Package org.jsoup.helper

Class W3CDom

java.lang.Object
org.jsoup.helper.W3CDom

public class W3CDom extends Object
Helper class to transform a Document to a org.w3c.dom.Document, for integration with toolsets that use the W3C DOM.
  • Nested Class Summary

    Nested Classes
    Modifier and Type
    Class
    Description
    protected static class 
    Implements the conversion by walking the input.
  • Field Summary

    Fields
    Modifier and Type
    Field
    Description
     
    static final String
    For W3C Documents created by this class, this property is set on each node to link back to the original jsoup node.
    static final String
    To get support for XPath versions > 1, set this property to the classname of an alternate XPathFactory implementation.
  • Constructor Summary

    Constructors
    Constructor
    Description
    W3CDom()
     
  • Method Summary

    Modifier and Type
    Method
    Description
    String
    Serialize a W3C document to a String.
    static String
    asString(Document doc, @Nullable Map<String,String> properties)
    Serialize a W3C document to a String.
    For a Document created by fromJsoup(org.jsoup.nodes.Element), retrieves the W3C context node.
    static Document
    Converts a jsoup DOM to a W3C DOM.
    void
    Converts a jsoup document into the provided W3C Document.
    void
    convert(Element in, Document out)
    Converts a jsoup element into the provided W3C Document.
    Convert a jsoup Document to a W3C Document.
    Convert a jsoup DOM to a W3C Document.
    boolean
    Returns if this W3C DOM is namespace aware.
    namespaceAware(boolean namespaceAware)
    Update the namespace aware setting.
    static HashMap<String,String>
    Canned default for HTML output.
    static HashMap<String,String>
    Canned default for XML output.
    selectXpath(String xpath, Document doc)
    Evaluate an XPath query against the supplied document, and return the results.
    selectXpath(String xpath, Node contextNode)
    Evaluate an XPath query against the supplied context node, and return the results.
    <T extends Node>
    List<T>
    sourceNodes(NodeList nodeList, Class<T> nodeType)
    Retrieves the original jsoup DOM nodes from a nodelist created by this convertor.
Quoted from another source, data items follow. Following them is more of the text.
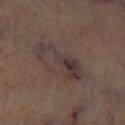Notes:
• workup: no biopsy performed (imaged during a skin exam)
• body site: the left lower leg
• image: ~15 mm tile from a whole-body skin photo
• illumination: cross-polarized illumination
• diameter: ≈6.5 mm
• image-analysis metrics: a lesion area of about 12 mm², a shape eccentricity near 0.9, and a shape-asymmetry score of about 0.55 (0 = symmetric); a lesion-to-skin contrast of about 7.5 (normalized; higher = more distinct); a border-irregularity rating of about 8/10, a within-lesion color-variation index near 6/10, and radial color variation of about 2; an automated nevus-likeness rating near 0 out of 100 and a lesion-detection confidence of about 95/100
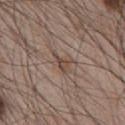follow-up: imaged on a skin check; not biopsied
size: ~3.5 mm (longest diameter)
location: the chest
tile lighting: white-light
image: total-body-photography crop, ~15 mm field of view
subject: male, aged approximately 65
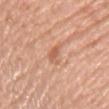Clinical impression:
No biopsy was performed on this lesion — it was imaged during a full skin examination and was not determined to be concerning.
Context:
The lesion is located on the chest. Cropped from a whole-body photographic skin survey; the tile spans about 15 mm. Measured at roughly 3 mm in maximum diameter. Imaged with white-light lighting. A male subject approximately 60 years of age. Automated tile analysis of the lesion measured a lesion color around L≈60 a*≈25 b*≈34 in CIELAB and a lesion-to-skin contrast of about 6 (normalized; higher = more distinct). And it measured a detector confidence of about 100 out of 100 that the crop contains a lesion.
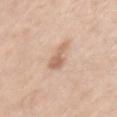  biopsy_status: not biopsied; imaged during a skin examination
  site: left upper arm
  patient:
    sex: male
    age_approx: 60
  automated_metrics:
    area_mm2_approx: 5.0
    eccentricity: 0.9
    shape_asymmetry: 0.4
    vs_skin_darker_L: 11.0
    vs_skin_contrast_norm: 6.5
    nevus_likeness_0_100: 15
    lesion_detection_confidence_0_100: 100
  lesion_size:
    long_diameter_mm_approx: 4.0
  image:
    source: total-body photography crop
    field_of_view_mm: 15
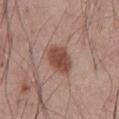Imaged during a routine full-body skin examination; the lesion was not biopsied and no histopathology is available. A roughly 15 mm field-of-view crop from a total-body skin photograph. A male subject aged 58–62. An algorithmic analysis of the crop reported a footprint of about 9.5 mm², a shape eccentricity near 0.7, and two-axis asymmetry of about 0.2. And it measured a lesion–skin lightness drop of about 12 and a lesion-to-skin contrast of about 9 (normalized; higher = more distinct). And it measured a border-irregularity rating of about 2/10, a color-variation rating of about 3.5/10, and a peripheral color-asymmetry measure near 1. On the abdomen. This is a white-light tile.
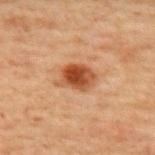| feature | finding |
|---|---|
| workup | imaged on a skin check; not biopsied |
| anatomic site | the mid back |
| imaging modality | 15 mm crop, total-body photography |
| illumination | cross-polarized illumination |
| patient | male, approximately 70 years of age |
| lesion diameter | ~3.5 mm (longest diameter) |
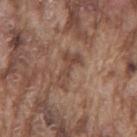Impression:
Part of a total-body skin-imaging series; this lesion was reviewed on a skin check and was not flagged for biopsy.
Context:
A 15 mm crop from a total-body photograph taken for skin-cancer surveillance. A male subject, approximately 75 years of age. From the mid back.
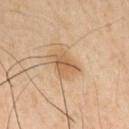Assessment:
Imaged during a routine full-body skin examination; the lesion was not biopsied and no histopathology is available.
Context:
A male subject roughly 40 years of age. An algorithmic analysis of the crop reported a nevus-likeness score of about 45/100 and a lesion-detection confidence of about 100/100. Captured under cross-polarized illumination. A 15 mm close-up tile from a total-body photography series done for melanoma screening. On the right upper arm.
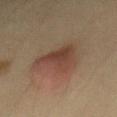{"biopsy_status": "not biopsied; imaged during a skin examination", "patient": {"sex": "male", "age_approx": 40}, "lighting": "cross-polarized", "image": {"source": "total-body photography crop", "field_of_view_mm": 15}, "site": "mid back", "lesion_size": {"long_diameter_mm_approx": 5.0}}
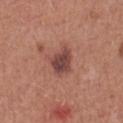Imaged during a routine full-body skin examination; the lesion was not biopsied and no histopathology is available. The tile uses white-light illumination. A female patient, about 25 years old. About 3 mm across. From the chest. A region of skin cropped from a whole-body photographic capture, roughly 15 mm wide.

    Methods inherited from class java.lang.Object

    clone, equals, finalize, getClass, hashCode, notify, notifyAll, toString, wait, wait, wait
  • Field Details

    • SourceProperty

      public static final String SourceProperty
      For W3C Documents created by this class, this property is set on each node to link back to the original jsoup node.
      See Also:
    • XPathFactoryProperty

      public static final String XPathFactoryProperty
      To get support for XPath versions > 1, set this property to the classname of an alternate XPathFactory implementation. (For e.g. net.sf.saxon.xpath.XPathFactoryImpl).
      See Also:
    • factory

      protected DocumentBuilderFactory factory
  • Constructor Details

    • W3CDom

      public W3CDom()
  • Method Details

    • namespaceAware

      public boolean namespaceAware()
      Returns if this W3C DOM is namespace aware. By default, this will be true, but is disabled for simplicity when using XPath selectors in Element.selectXpath(String).
      Returns:
      the current namespace aware setting.
    • namespaceAware

      public W3CDom namespaceAware(boolean namespaceAware)
      Update the namespace aware setting. This impacts the factory that is used to create W3C nodes from jsoup nodes.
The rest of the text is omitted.